Summing up a private discussion with Tejun, Michal and Roman:
I'm going to create few new patches:

1) adjust active memcg for objects allocated during creation of new cgroup
This patch will take memcg from parent cgroup an use it for accounting
all objects allocated during creation of new cgroup.
For that it moves set_active_memcg() calls from mem_cgroup_css_alloc()
to cgroup_mkdir() and creates missing infrastructure.
This allows you to predict which memcg should be used for object accounting,
and should simplify debugging of possible problems and corner cases.

2) memcg: enable kernfs accounting: nodes and iattr
Already discussed and approved patches.
These objects consumes significant part of memory in various scenarios,
including new cgroup creation and new net device creation.

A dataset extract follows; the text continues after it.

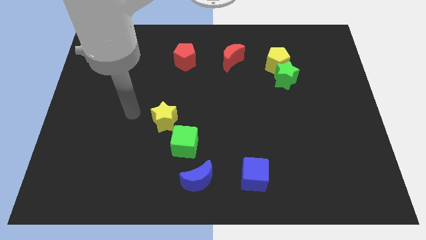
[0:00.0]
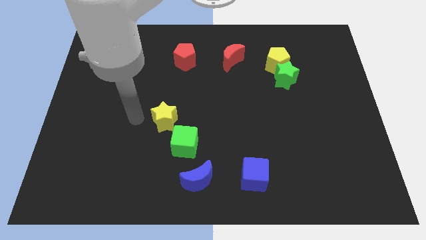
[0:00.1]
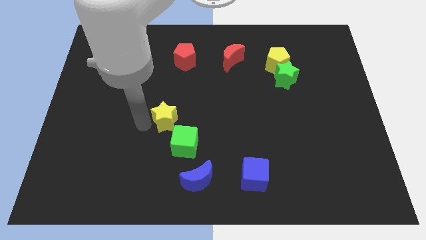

3) adjust active memcg for simple_xattr accounting
sysfs and tmpfs are in-memory file system,
for extended attributes they uses simple_xattr infrastructure.
The patch forces sys_set[f]xattr calls to account xattr object
to predictable memcg: for kernfs memcg will be taken from kernfs node,
for shmem -- from shmem_info.
Like 1) case, this allows to understand which memcg should be used
for object accounting and simplify debugging of possible troubles.

4) memcg: enable accounting for simple_xattr: names and values
This patch enables accounting for objects described in previous patch

5) simple_xattrs: replace list to rb-tree
This significantly reduces the search time for existing entries.

Additionally Roman Gushchin prepares patch
"`put`ting the kernfs_node reference earlier in the cgroup removal process"

Thank you,
Vasily Averin